All of the carbon atoms are bonded to four other carbon atoms in a tetrahedral arrangement. All of the valence electrons are used for bonding. There are no valence electrons free for conduction of electricity. This rigid lattice gives diamond its unique properties. It has high melting and boiling points and is the hardest naturally occurring substance.
Each carbon atom has sp3 Hybridization with bond angles of 109.5º (HL only).
Graphite is another naturally occurring allotrope of carbon. In this case the structure is made up of giant 2-dimensional layers, each layer held together in place by Van der Waal's attractions.
The layers themselves consist of hexagons of carbon atoms in which each carbon is bonded to three others. This leaves one free electron per carbon atom that can be delocalised throughout a layer and conduct electricity.
Graphite is a black slippery solid with a very high melting and boiling point. It's slippery nature comes from the ability of the layers to slide over one another. This is because the dispersion forces that hold the layers to one another are weak.
The graphite layer structure can be folded and bent into balls and tubes providing the number of carbon atoms in the sheet is large enough. These balls and tubes (bucky balls and nano tubes) have all been developed from the discovery by Kroto of spherical molecules consisting of 60 carbon atoms (and greater). These molecules were called fullerenes after the architect who popularised the geodhesic dome (Richard Buckminster Fuller), as the sphere is effectively two hemispherical geodhesic domes stuck together to make a sphere.
Fullerene is an allotrope of carbon with 60 carbon atoms in the molecule. It is not a giant structure (C60 is just not that large when compared to 'real' giant structures, such as graphite and diamond). It was first isolated from soot and can be crystallised as black, or red crystals, with a melting point of about 280ºC. Fullerene is soluble in many non-polar solvents.
The structure consists of five and six membered carbon rings in which each
carbon atoms is attached to three other carbon atoms. The Hybridization at
each carbon is sp2 (HL only). It has delocalised electrons spread
out over the whole structure in one large molecular orbital.
Graphene is a newly discovered allotrope of carbon which effectively consists of single layers of graphite. It has many potentially exciting properties and there are currently many research facilities trying to develop new ways to prepare the graphene sheets rapidly and in a pure form.
Graphene is about 200 times stronger than steel and nearly transparent. It is the worlds most conducting material and is 1,000,000 times thinner than a human hair. ref
It has been suggested that new graphene technology could produce transparent and flexible computers.

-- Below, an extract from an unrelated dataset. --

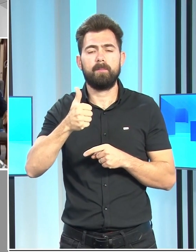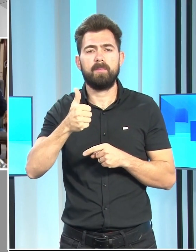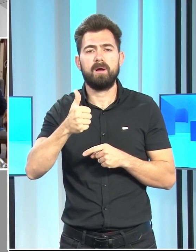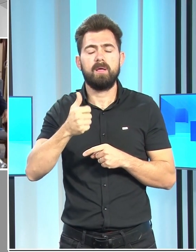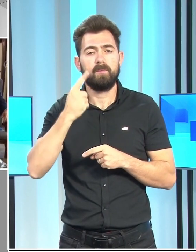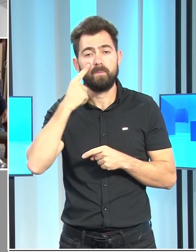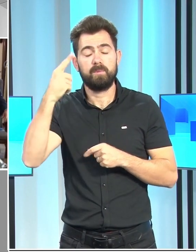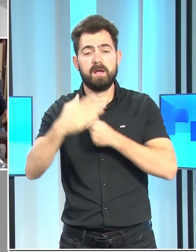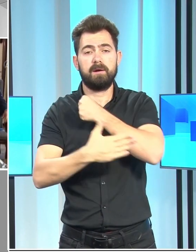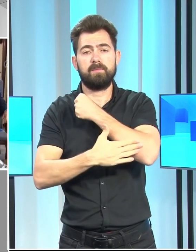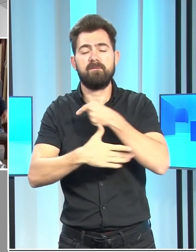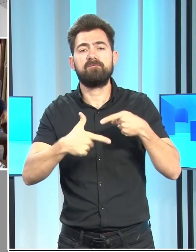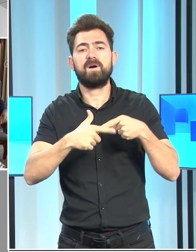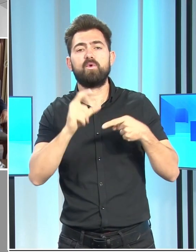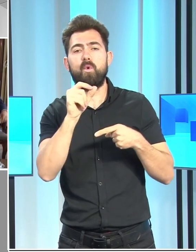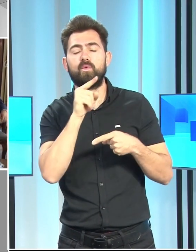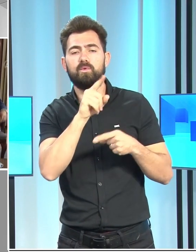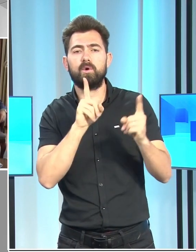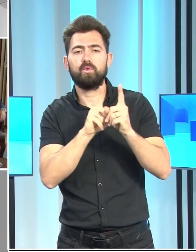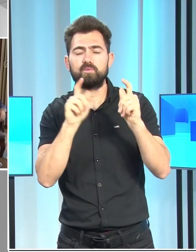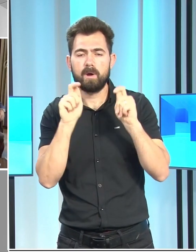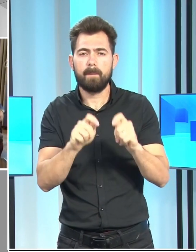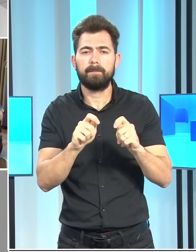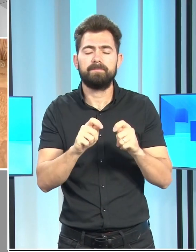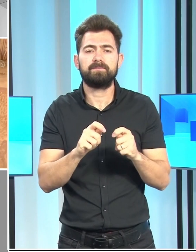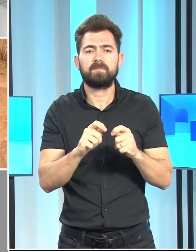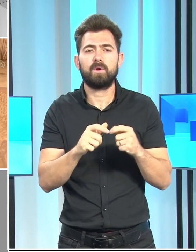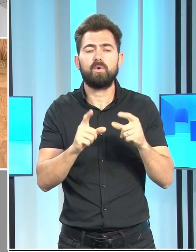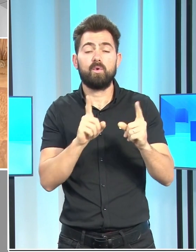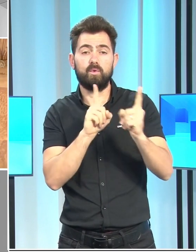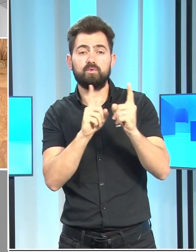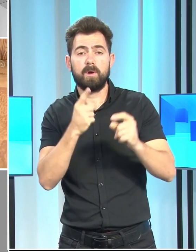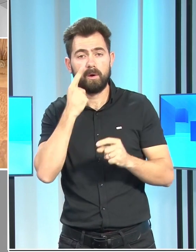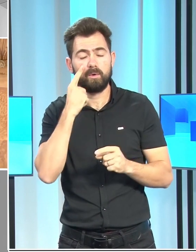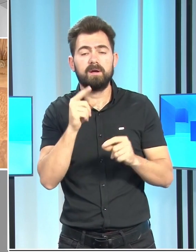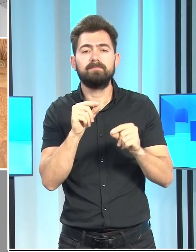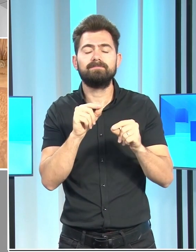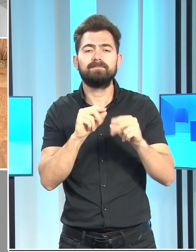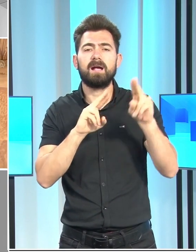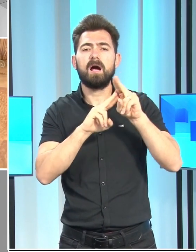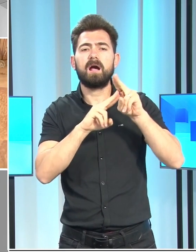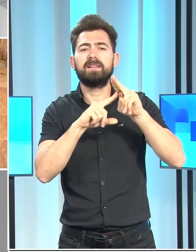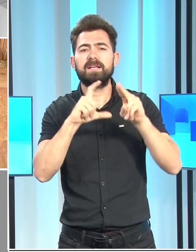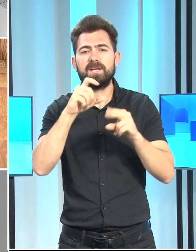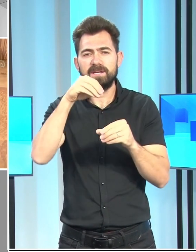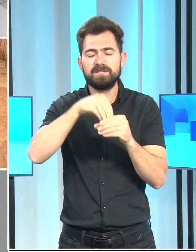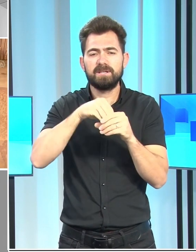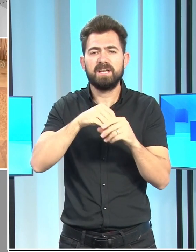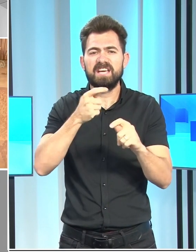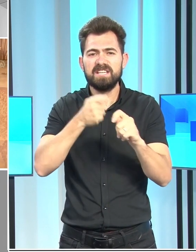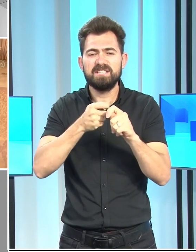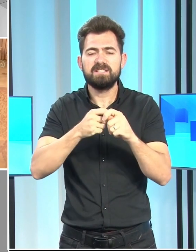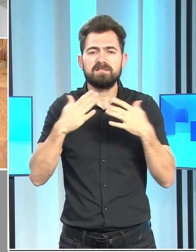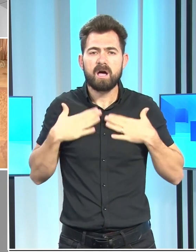Fuat Oktay ile görüştü. Görüşmede, Kuzey Kıbrıs Türk Cumhuriyeti'ndeki iş
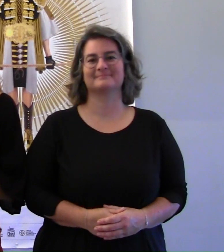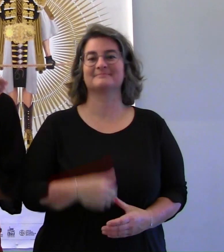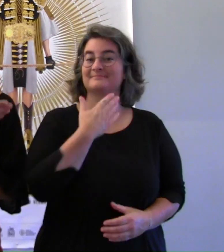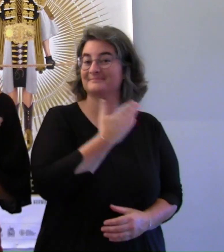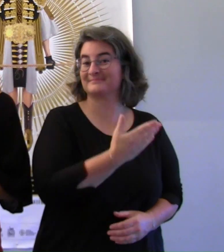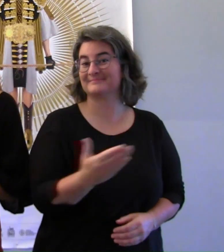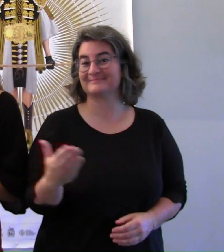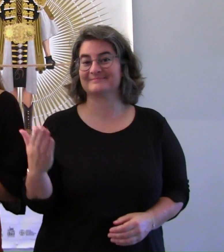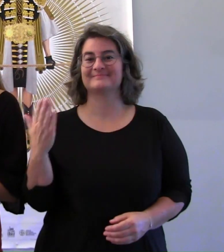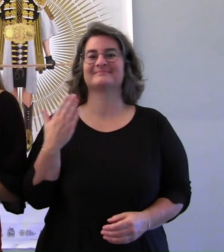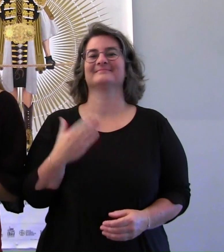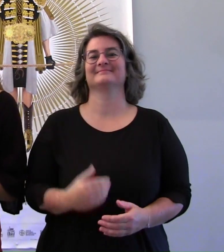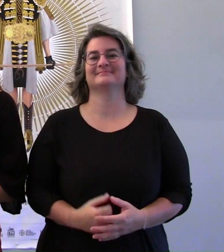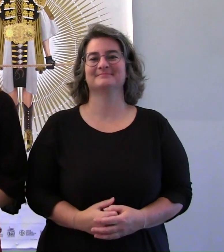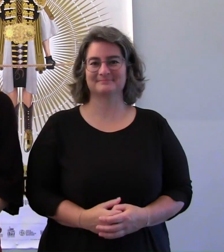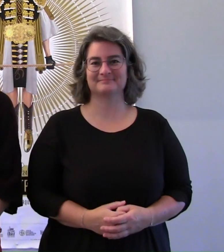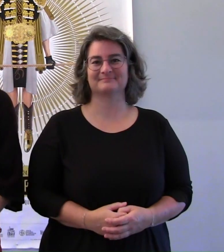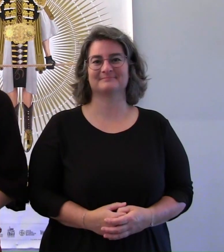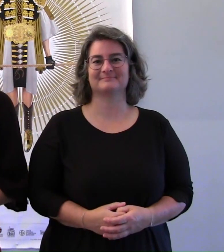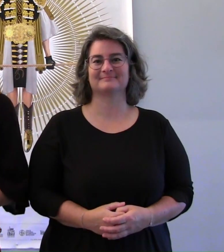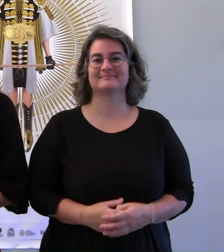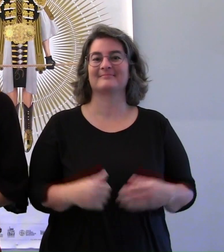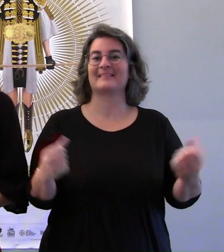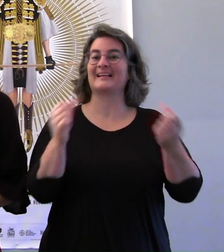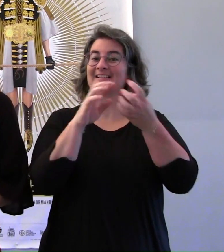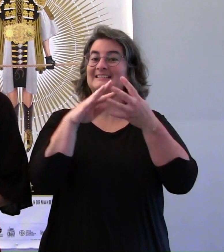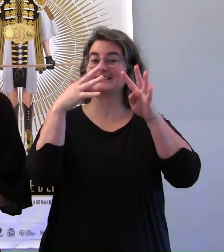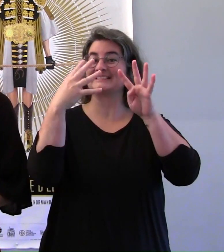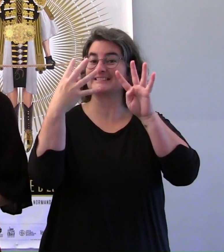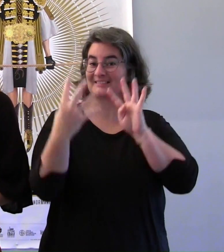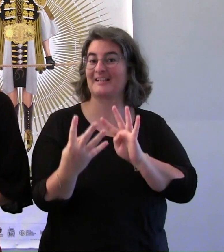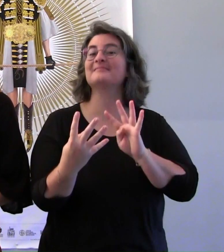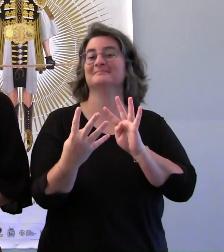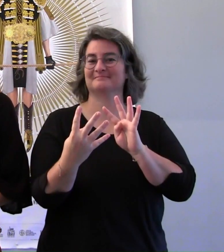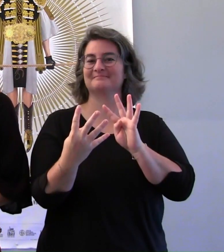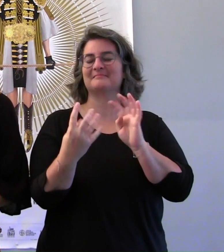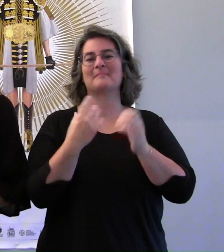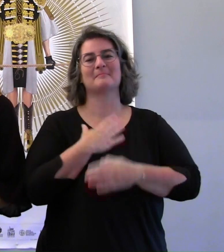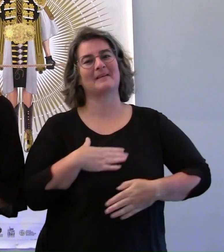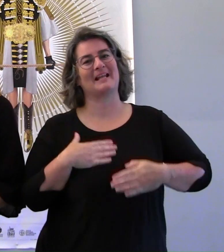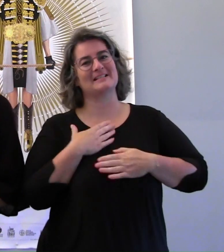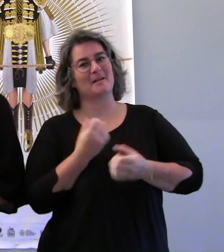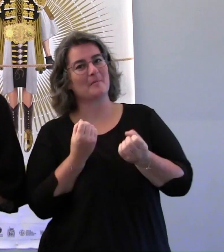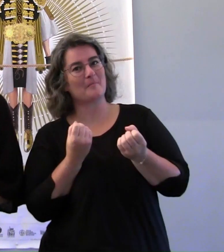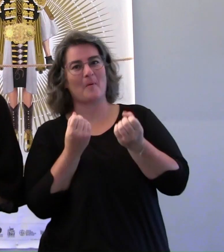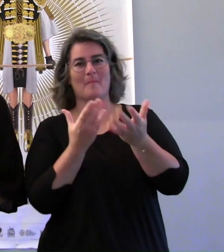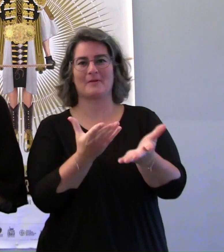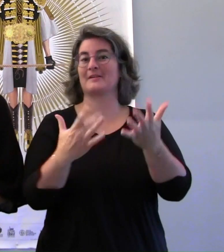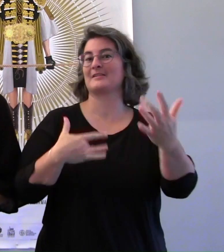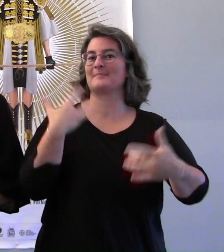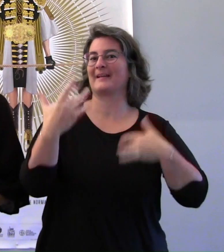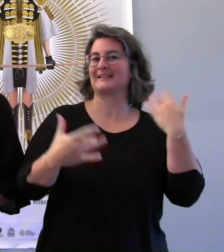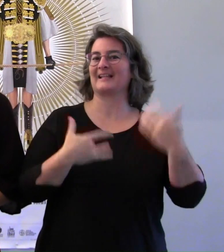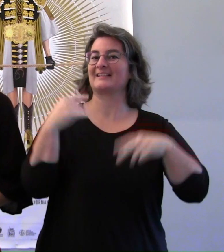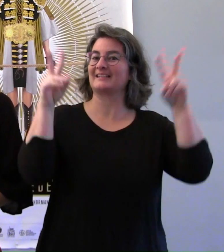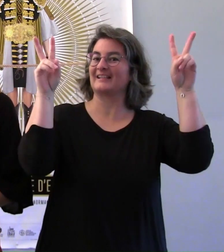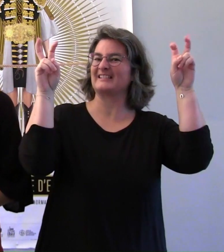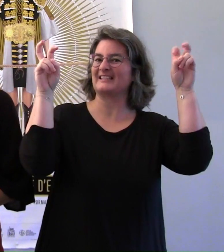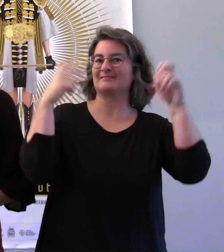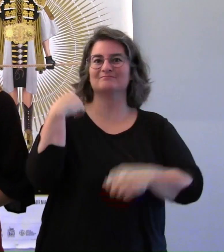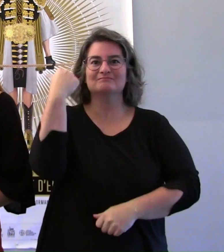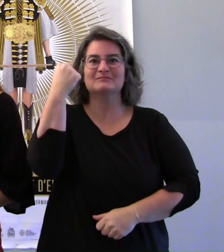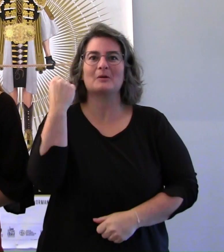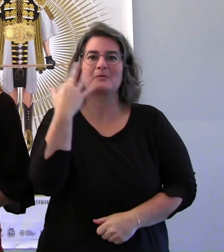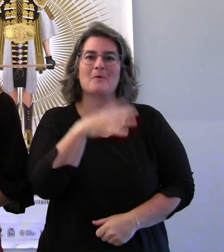Bonjour à toutes et bonjour à tous. Le Cirque Théâtre d'Elbeuf est heureux de vous présenter le spectacle Monographie

Silicon also forms giant macromolecular structures similar to diamond, in which all of the valence electrons are used to link each of the silicon atoms into a giant array of tetrahedral atoms.
The properties of silicon is consistent with its macromolecular structure. It is a hard solid with a very high melting and boiling point.
Silicon dioxide is a macromolecular compound with a structure which can be thought of as having oxygen atoms interposed between each pair of silicon atoms within the diamond-type lattice.
Silicon dioxide has the characteristic properties of a macromolecular compound; a high melting and boiling point and very hard. All of its valence electrons are used in bonding so it is a non-conductor. The silicon atoms (and the oxygen atoms) use sp3 Hybridization.